======== Task inputs ========

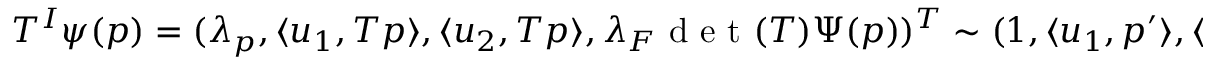
\begin{array} { r } { T ^ { I } \psi ( p ) = ( \lambda _ { p } , \langle u _ { 1 } , T p \rangle , \langle u _ { 2 } , T p \rangle , \lambda _ { F } \mathrm { ~ d ~ e ~ t ~ } ( T ) \Psi ( p ) ) ^ { T } \sim ( 1 , \langle u _ { 1 } , p ^ { \prime } \rangle , \langle u _ { 2 } , p ^ { \prime } \rangle , \Psi ^ { \prime } ( p ^ { \prime } ) ) ^ { T } = \psi ^ { \prime } ( p ^ { \prime } ) } \end{array}
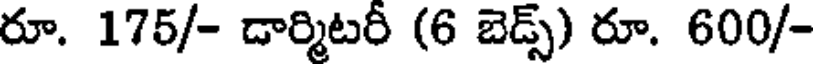
రూ. 175/- డార్మిటరీ (6 బెడ్స్) రూ. 600/-
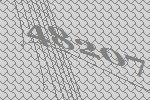
48207
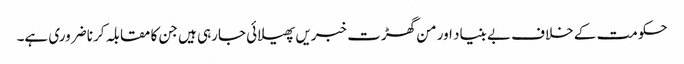
حکومت کے خلاف بے بنیاد اور من گھڑت خبریں پھیلائی جارہی ہیں جن کا مقابلہ کرنا ضروری ہے۔
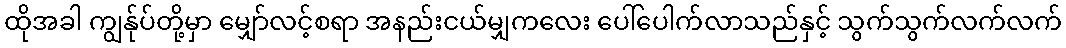
ထိုအခါ ကျွန်ုပ်တို့မှာ မျှော်လင့်စရာ အနည်းငယ်မျှကလေး ပေါ်ပေါက်လာသည်နှင့် သွက်သွက်လက်လက်
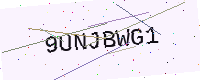
Text: 9UNJBWG1
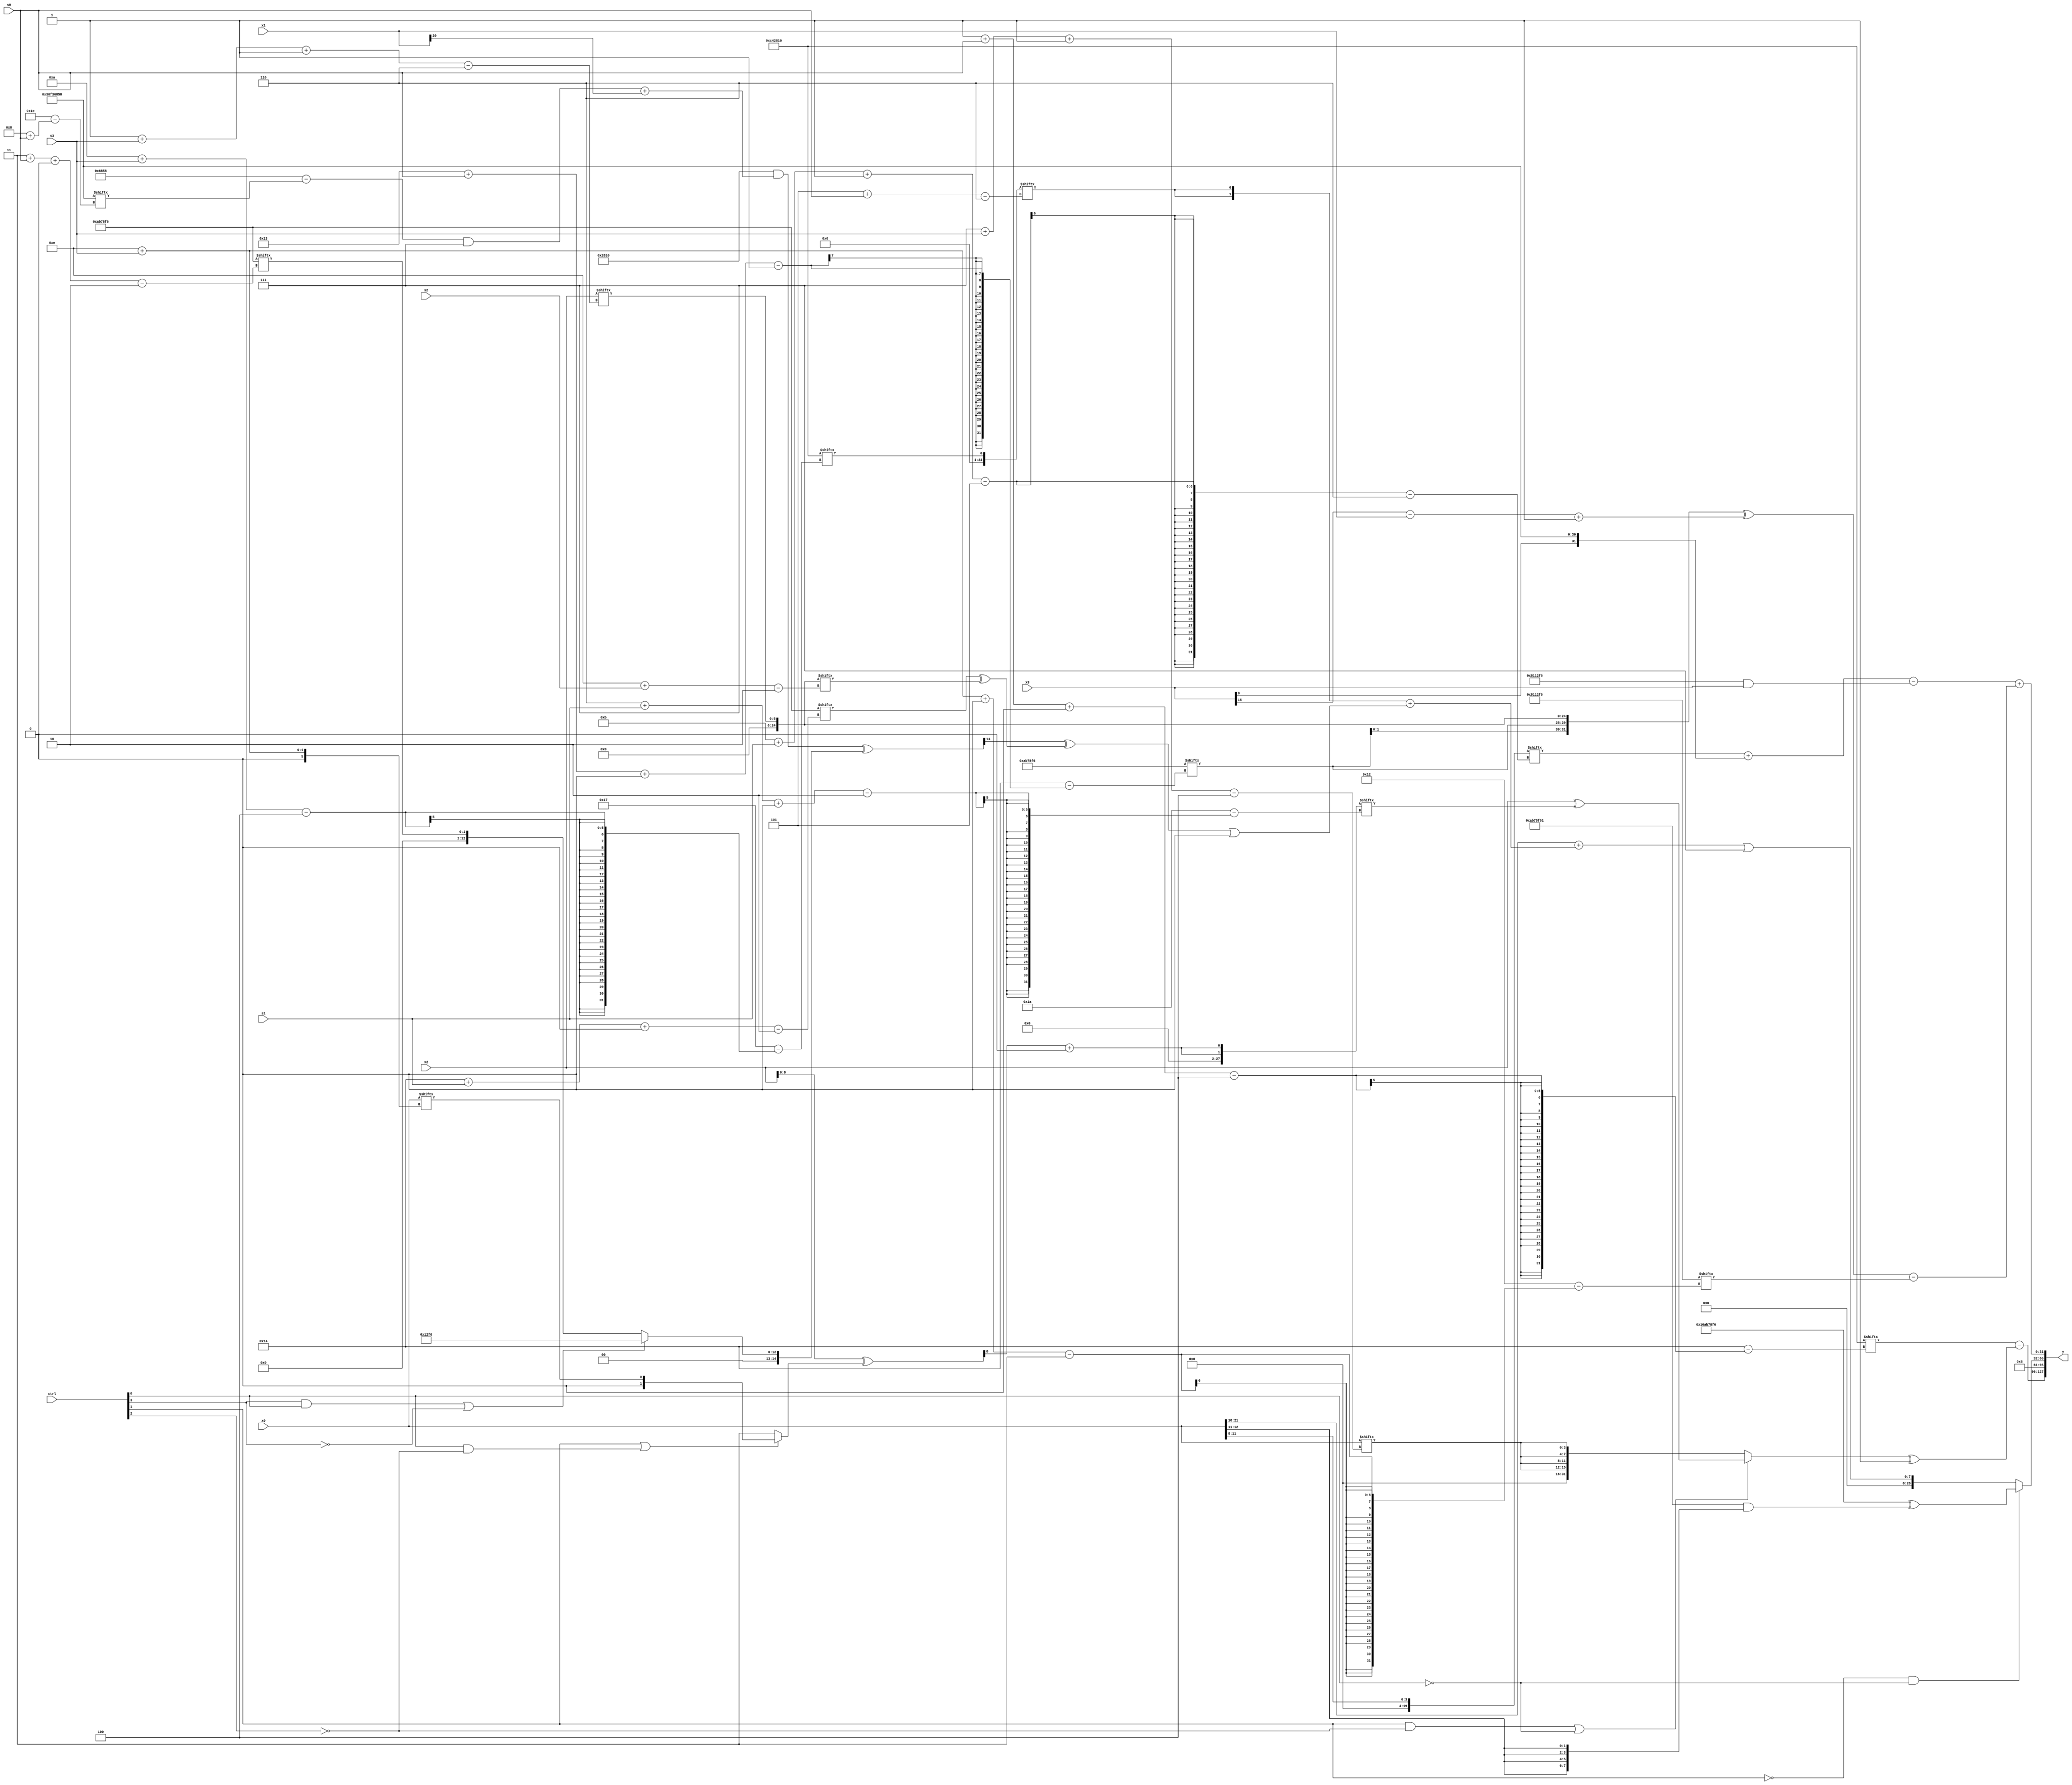
module partsel_00981(ctrl, s0, s1, s2, s3, x0, x1, x2, x3, y);
  input [3:0] ctrl;
  input [2:0] s0;
  input [2:0] s1;
  input [2:0] s2;
  input [2:0] s3;
  input [31:0] x0;
  input signed [31:0] x1;
  input signed [31:0] x2;
  input signed [31:0] x3;
  wire [31:3] x4;
  wire signed [25:3] x5;
  wire [26:2] x6;
  wire signed [30:3] x7;
  wire [0:28] x8;
  wire [30:6] x9;
  wire [29:6] x10;
  wire signed [25:6] x11;
  wire [1:25] x12;
  wire [30:0] x13;
  wire [2:29] x14;
  wire signed [25:0] x15;
  output [127:0] y;
  wire signed [31:0] y0;
  wire signed [31:0] y1;
  wire [31:0] y2;
  wire [31:0] y3;
  assign y = {y0,y1,y2,y3};
  localparam [29:2] p0 = 279673078;
  localparam signed [4:27] p1 = 683943952;
  localparam [3:26] p2 = 880874230;
  localparam [0:30] p3 = 821258328;
  assign x4 = (x2 ^ (ctrl[1] || ctrl[0] && !ctrl[2] ? x0[14 + s3] : p3[17 -: 3]));
  assign x5 = p0[3 + s0 +: 2];
  assign x6 = x2[1 + s3 -: 6];
  assign x7 = p2;
  assign x8 = ((p1 & {x2[12 + s0 -: 8], (((p3 - p3[8 + s0]) & p0[14 +: 3]) + x1[20 -: 1])}) ^ (ctrl[3] && ctrl[0] || !ctrl[3] ? p2 : {{p2[11], (!ctrl[0] || !ctrl[1] && !ctrl[2] ? (x1 | x5[13 -: 2]) : (p3[15 + s2] | p2[0 + s0 -: 6]))}, {2{{x4, x5}}}}));
  assign x9 = p1[1 + s0 +: 4];
  assign x10 = p1[10 + s3];
  assign x11 = x0[8 +: 4];
  assign x12 = p0;
  assign x13 = (({2{{2{(x11 ^ x6[0 + s3 -: 5])}}}} - {{(!ctrl[1] && ctrl[2] || !ctrl[1] ? ((x10 ^ x6[14 + s1 -: 5]) ^ (x6 + x6[11])) : p1), {x2[25 + s2 -: 2], ((p2 | x4[27 + s3 +: 1]) & p3[18])}}, (ctrl[0] || !ctrl[2] || !ctrl[0] ? {2{p0[10 +: 3]}} : {((p2[25 + s1 -: 8] ^ p2) | p1[30 + s2 +: 5]), (x3[15] - p0[2 + s2 -: 8])})}) + p3);
  assign x14 = {2{(x4[11] + p0[17 +: 1])}};
  assign x15 = (x14[9] - (!ctrl[1] && ctrl[1] && ctrl[2] ? p3 : (ctrl[1] || ctrl[2] && !ctrl[3] ? p0 : x0[23 -: 3])));
  assign y0 = (x9 - ((ctrl[1] && !ctrl[2] || !ctrl[0] ? (x2 ^ x14[6 + s1 +: 2]) : {2{{2{x0[7 + s3 -: 4]}}}}) ^ p0[15]));
  assign y1 = p0[16 +: 1];
  assign y2 = (!ctrl[1] && !ctrl[1] && !ctrl[0] ? ({p0[21], p0} ^ ((p0[12 -: 3] ^ {p0, p0[9 +: 4]}) & {2{{2{x0[12 -: 2]}}}})) : ((x0[21 -: 4] + ({2{x10[5 + s0]}} + ((x8[14] ^ (p0[20 + s1 +: 6] ^ x6[14 + s2])) | p3[23]))) | p2[22 -: 3]));
  assign y3 = ({(x10[18 + s0] & p2[31 + s0 +: 2]), ((x11[11 + s1 -: 5] + {x3, p3}) - {x6[10 + s0 +: 4], (x7 & x3)})} + (({{2{x12[19 + s0 +: 5]}}, x6} ^ ((x3[15 +: 1] - x1) + (p3[14] + (x0[11] & x14[13 +: 1])))) - p2[14 + s3 +: 6]));
endmodule
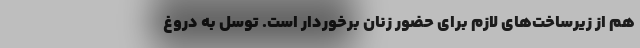
هم از زیرساخت‌های لازم برای حضور زنان برخوردار است. توسل به دروغ
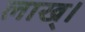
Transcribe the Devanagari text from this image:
लाख्।
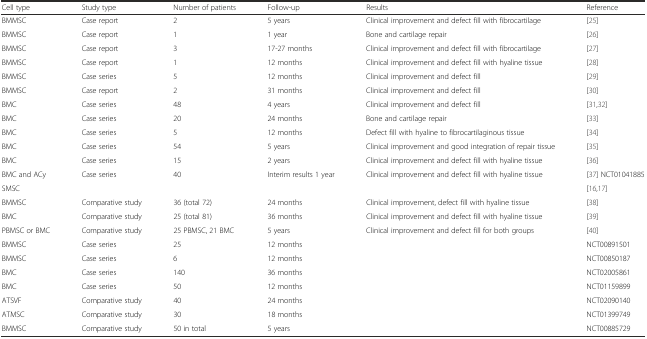
| Cell type | Study type | Number of patients | Follow-up | Results | Reference |
 | --- | --- | --- | --- | --- | --- |
 | BMMSC | Case report | 2 | 5 years | Clinical improvement and defect fill with fibrocartilage | [25] |
 | BMMSC | Case report | 1 | 1 year | Bone and cartilage repair | [26] |
 | BMMSC | Case report | 3 | 17-27 months | Clinical improvement and defect fill with fibrocartilage | [27] |
 | BMMSC | Case report | 1 | 12 months | Clinical improvement and defect fill with hyaline tissue | [28] |
 | BMMSC | Case series | 5 | 12 months | Clinical improvement and defect fill | [29] |
 | BMMSC | Case report | 2 | 31 months | Clinical improvement and defect fill | [30] |
 | BMC | Case series | 48 | 4 years | Clinical improvement and defect fill | [31,32] |
 | BMC | Case series | 20 | 24 months | Bone and cartilage repair | [33] |
 | BMC | Case series | 5 | 12 months | Defect fill with hyaline to fibrocartilaginous tissue | [34] |
 | BMC | Case series | 54 | 5 years | Clinical improvement and good integration of repair tissue | [35] |
 | BMC | Case series | 15 | 2 years | Clinical improvement and defect fill with hyaline tissue | [36] |
 | BMC and ACy | Case series | 40 | Interim results 1 year | Clinical improvement and defect fill with hyaline tissue | [37] NCT01041885 |
 | SMSC | <COLSPAN=3>  |  | [16,17] |
 | BMMSC | Comparative study | 36 (total 72) | 24 months | Clinical improvement, defect fill with hyaline tissue | [38] |
 | BMC | Comparative study | 25 (total 81) | 36 months | Clinical improvement and defect fill with hyaline tissue | [39] |
 | PBMSC or BMC | Comparative study | 25 PBMSC, 21 BMC | 5 years | Clinical improvement and defect fill for both groups | [40] |
 | BMMSC | Case series | 25 | 12 months |  | NCT00891501 |
 | BMMSC | Case series | 6 | 12 months |  | NCT00850187 |
 | BMC | Case series | 140 | 36 months |  | NCT02005861 |
 | BMC | Case series | 50 | 12 months |  | NCT01159899 |
 | ATSVF | Comparative study | 40 | 24 months |  | NCT02090140 |
 | ATMSC | Comparative study | 30 | 18 months |  | NCT01399749 |
 | BMMSC | Comparative study | 50 in total | 5 years |  | NCT00885729 |
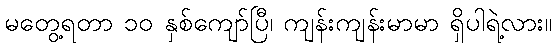
မတွေ့ရတာ ၁၀ နှစ်ကျော်ပြီ၊ ကျန်းကျန်းမာမာ ရှိပါရဲ့လား။

========

• What you are asked to do
From the records above, extract exactly and only the lines that begin at the line with "wire [30:0] x13;" and stop after the line with "assign y2 = (!ctrl[1]".

• Reply to the task
  wire [30:0] x13;
  wire [2:29] x14;
  wire signed [25:0] x15;
  output [127:0] y;
  wire signed [31:0] y0;
  wire signed [31:0] y1;
  wire [31:0] y2;
  wire [31:0] y3;
  assign y = {y0,y1,y2,y3};
  localparam [29:2] p0 = 279673078;
  localparam signed [4:27] p1 = 683943952;
  localparam [3:26] p2 = 880874230;
  localparam [0:30] p3 = 821258328;
  assign x4 = (x2 ^ (ctrl[1] || ctrl[0] && !ctrl[2] ? x0[14 + s3] : p3[17 -: 3]));
  assign x5 = p0[3 + s0 +: 2];
  assign x6 = x2[1 + s3 -: 6];
  assign x7 = p2;
  assign x8 = ((p1 & {x2[12 + s0 -: 8], (((p3 - p3[8 + s0]) & p0[14 +: 3]) + x1[20 -: 1])}) ^ (ctrl[3] && ctrl[0] || !ctrl[3] ? p2 : {{p2[11], (!ctrl[0] || !ctrl[1] && !ctrl[2] ? (x1 | x5[13 -: 2]) : (p3[15 + s2] | p2[0 + s0 -: 6]))}, {2{{x4, x5}}}}));
  assign x9 = p1[1 + s0 +: 4];
  assign x10 = p1[10 + s3];
  assign x11 = x0[8 +: 4];
  assign x12 = p0;
  assign x13 = (({2{{2{(x11 ^ x6[0 + s3 -: 5])}}}} - {{(!ctrl[1] && ctrl[2] || !ctrl[1] ? ((x10 ^ x6[14 + s1 -: 5]) ^ (x6 + x6[11])) : p1), {x2[25 + s2 -: 2], ((p2 | x4[27 + s3 +: 1]) & p3[18])}}, (ctrl[0] || !ctrl[2] || !ctrl[0] ? {2{p0[10 +: 3]}} : {((p2[25 + s1 -: 8] ^ p2) | p1[30 + s2 +: 5]), (x3[15] - p0[2 + s2 -: 8])})}) + p3);
  assign x14 = {2{(x4[11] + p0[17 +: 1])}};
  assign x15 = (x14[9] - (!ctrl[1] && ctrl[1] && ctrl[2] ? p3 : (ctrl[1] || ctrl[2] && !ctrl[3] ? p0 : x0[23 -: 3])));
  assign y0 = (x9 - ((ctrl[1] && !ctrl[2] || !ctrl[0] ? (x2 ^ x14[6 + s1 +: 2]) : {2{{2{x0[7 + s3 -: 4]}}}}) ^ p0[15]));
  assign y1 = p0[16 +: 1];
  assign y2 = (!ctrl[1] && !ctrl[1] && !ctrl[0] ? ({p0[21], p0} ^ ((p0[12 -: 3] ^ {p0, p0[9 +: 4]}) & {2{{2{x0[12 -: 2]}}}})) : ((x0[21 -: 4] + ({2{x10[5 + s0]}} + ((x8[14] ^ (p0[20 + s1 +: 6] ^ x6[14 + s2])) | p3[23]))) | p2[22 -: 3]));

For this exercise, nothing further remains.